▶ TASK TO CARRY OUT:
Can you quote the lines below exactly, starting at the line with "Board (FEN): 5r2/p5Q1/kp1qp3/3p4/5P2/2PN4/PP1K4/8" and going through the last one?

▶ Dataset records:
:::

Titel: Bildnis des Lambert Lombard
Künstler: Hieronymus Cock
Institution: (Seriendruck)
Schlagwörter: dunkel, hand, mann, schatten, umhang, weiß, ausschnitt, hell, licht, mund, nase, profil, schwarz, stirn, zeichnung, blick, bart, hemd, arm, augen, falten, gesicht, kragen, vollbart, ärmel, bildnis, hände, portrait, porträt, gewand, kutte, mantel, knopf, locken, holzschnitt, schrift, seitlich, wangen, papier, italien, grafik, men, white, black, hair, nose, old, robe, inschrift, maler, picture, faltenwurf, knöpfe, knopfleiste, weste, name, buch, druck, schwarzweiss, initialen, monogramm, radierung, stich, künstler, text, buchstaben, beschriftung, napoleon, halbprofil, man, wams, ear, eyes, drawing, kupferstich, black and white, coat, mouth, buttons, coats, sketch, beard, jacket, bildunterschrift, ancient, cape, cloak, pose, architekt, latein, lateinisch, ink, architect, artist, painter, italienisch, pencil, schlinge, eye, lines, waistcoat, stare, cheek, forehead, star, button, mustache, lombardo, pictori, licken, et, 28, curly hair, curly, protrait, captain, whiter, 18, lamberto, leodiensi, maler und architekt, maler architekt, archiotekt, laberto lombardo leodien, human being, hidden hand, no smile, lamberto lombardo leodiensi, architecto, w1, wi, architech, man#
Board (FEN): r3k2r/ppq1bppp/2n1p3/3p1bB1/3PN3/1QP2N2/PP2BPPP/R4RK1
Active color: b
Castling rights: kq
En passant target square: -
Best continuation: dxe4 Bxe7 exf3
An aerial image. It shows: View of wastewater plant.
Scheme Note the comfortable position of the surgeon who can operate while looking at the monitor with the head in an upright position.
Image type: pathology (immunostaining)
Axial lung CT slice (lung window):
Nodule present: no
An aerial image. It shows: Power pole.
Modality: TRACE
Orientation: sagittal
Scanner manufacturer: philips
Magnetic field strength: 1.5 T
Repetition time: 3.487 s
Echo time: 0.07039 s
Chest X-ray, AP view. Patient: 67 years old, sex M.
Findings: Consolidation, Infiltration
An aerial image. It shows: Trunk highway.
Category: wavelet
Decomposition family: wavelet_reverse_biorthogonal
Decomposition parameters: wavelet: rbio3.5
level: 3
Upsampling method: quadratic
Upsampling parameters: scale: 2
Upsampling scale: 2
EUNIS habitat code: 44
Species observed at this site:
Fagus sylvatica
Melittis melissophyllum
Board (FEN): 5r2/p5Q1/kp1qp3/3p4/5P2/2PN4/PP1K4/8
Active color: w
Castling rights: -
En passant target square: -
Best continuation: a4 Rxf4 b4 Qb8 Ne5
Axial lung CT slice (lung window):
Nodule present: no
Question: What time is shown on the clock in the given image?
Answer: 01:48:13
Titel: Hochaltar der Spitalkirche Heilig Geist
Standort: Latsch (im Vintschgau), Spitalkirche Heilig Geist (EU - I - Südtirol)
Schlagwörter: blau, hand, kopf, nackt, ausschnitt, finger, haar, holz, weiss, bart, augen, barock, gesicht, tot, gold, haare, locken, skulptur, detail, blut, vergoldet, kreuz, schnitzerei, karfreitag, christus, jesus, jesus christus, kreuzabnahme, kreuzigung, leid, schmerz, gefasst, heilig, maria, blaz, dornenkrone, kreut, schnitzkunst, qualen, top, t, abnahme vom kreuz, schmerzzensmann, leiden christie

:::

▶ ANSWER SPACE:
Board (FEN): 5r2/p5Q1/kp1qp3/3p4/5P2/2PN4/PP1K4/8
Active color: w
Castling rights: -
En passant target square: -
Best continuation: a4 Rxf4 b4 Qb8 Ne5
Axial lung CT slice (lung window):
Nodule present: no
Question: What time is shown on the clock in the given image?
Answer: 01:48:13
Titel: Hochaltar der Spitalkirche Heilig Geist
Standort: Latsch (im Vintschgau), Spitalkirche Heilig Geist (EU - I - Südtirol)
Schlagwörter: blau, hand, kopf, nackt, ausschnitt, finger, haar, holz, weiss, bart, augen, barock, gesicht, tot, gold, haare, locken, skulptur, detail, blut, vergoldet, kreuz, schnitzerei, karfreitag, christus, jesus, jesus christus, kreuzabnahme, kreuzigung, leid, schmerz, gefasst, heilig, maria, blaz, dornenkrone, kreut, schnitzkunst, qualen, top, t, abnahme vom kreuz, schmerzzensmann, leiden christie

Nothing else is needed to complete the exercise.